Compute win/lose chances picking two integers in different overlapping intervals I'm asking some help to compute a probability formula, as I'm not sure of my computation and approximation.
The problem:
Two players P1 and P2 pick a random integer in different number ranges, the problem is to compute the probability of lose of P1.

*

*a, b, n are positive integers

*b > a

*n < (b - a)    (The two intervals have common values)

*in case of equality, P1 lose

P1 picks a number in [a,b] 
P2 picks a number in [a+n,b+n]
My try to estimate the % of lose of P1:

*

*Always lose cases
P1 always lose is it picks a number between [a, a+n]
Always loose ratio: n/(b-a)


*Lose % for P1
When P1 pick a number x over a+n, the probability of lose are:
(b+n-x)/(b-a)
Each one has a probability of 1/(b-a)
formula would be:
SUM((b+n-x)/(b-a)², x=a+n..b+n)
But my interval are big with no real way to compute that sum.
Can this be appoximated by the using the average value of each interval ?
P1 average: a+(b-a)/2 = (b-a)/2
P2 average: a+n+(b-a)/2 = n + (b-a)/2
So probability P1 lose would be:
((n + (b-a)/2) - ((b-a)/2))/(b-a)
So: n/(b-a)+1/2
For the global:
n/(b-a)+(1-n/(b-a))*(n/(b-a)+1/2)
That's OK ? or ?
Many thanks for the review !
 A: Here is the simplest way to calculate this. There are three ways that $P_1$ can lose.

*

*As you noted, if $P_1$ chooses strictly less than $a+n$, then she automatically loses. The probability of this occurring is $\frac{n}{b-a+1}$, as there are $n$ numbers in $\{a,a+1,\dots,a+n-1\}$, and $b-a+1$ numbers in $\{a,a+1,\dots,b\}$.


*Similarly, if $P_2$ chooses a number which is strictly more than $b$, then $P_1$ will certainly lose. The probability of this is also $\frac{n}{b-a+1}$.


*The probability that neither of the previous situations happens is
$$
\left(1-\frac{n}{b-a+1}\right)^2
$$
Furthermore, conditional on neither of these events happening, both $P_1$ and $P_2$ are picking numbers from the same range, $\{a+n,a+n+1,\dots, b\}$. There are two things that can happen.

*

*If $P_1$ and $P_2$ pick the same number, then $P_1$ loses. This happens with probability $\frac1{b-a-n+1}$ (why?).

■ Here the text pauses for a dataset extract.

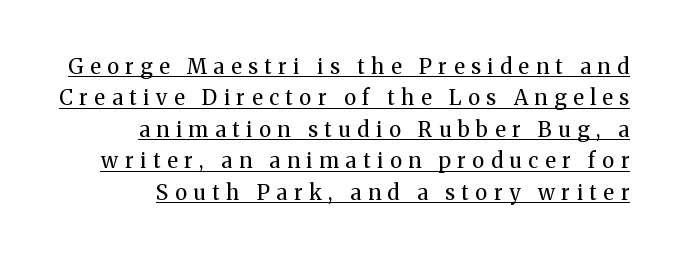
The vertical gap from one line to the next is medium. Honestly, the letter spacing is so wide it's the main thing you notice. Is this a heavy cut? Hardly; it is regular or lighter. Every character sits straight up, as roman type does. This sample carries an underscore along the baseline area.
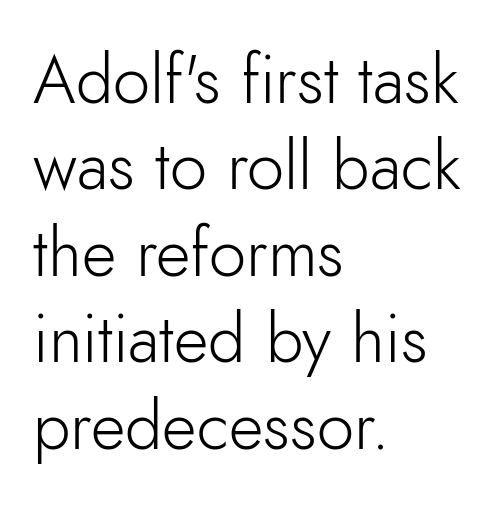
{"serif": "no", "italic": "no", "bold": "no", "weight": "light", "width": "normal", "stroke_contrast": "low", "x_height": "small", "monospaced": "no", "underline": "no", "align": "left", "line_spacing": "normal", "line_spacing_ratio": 1.29, "letter_spacing": "normal", "letter_spacing_em": 0.0, "glyph_px": 67}

*Conditional on them picking different numbers, $P_1$ wins exactly half the time, by symmetry.
Putting this altogether,
$$
\mathbb P(P_1 \text{ wins})=
\underbrace{\left(1-\frac{n}{b-a+1}\right)^2}
_{\text{Probability that $P_1\ge a+n$ and $P_2\le b$.}}
\times 
\underbrace{\left(1-\frac{1}{b-a-n+1}\right)}_
\text{Conditional probability $P_1\neq P_2$}
\times 
\underbrace{\frac12}
_\text{Conditional probability $P_1>P_2$.}
$$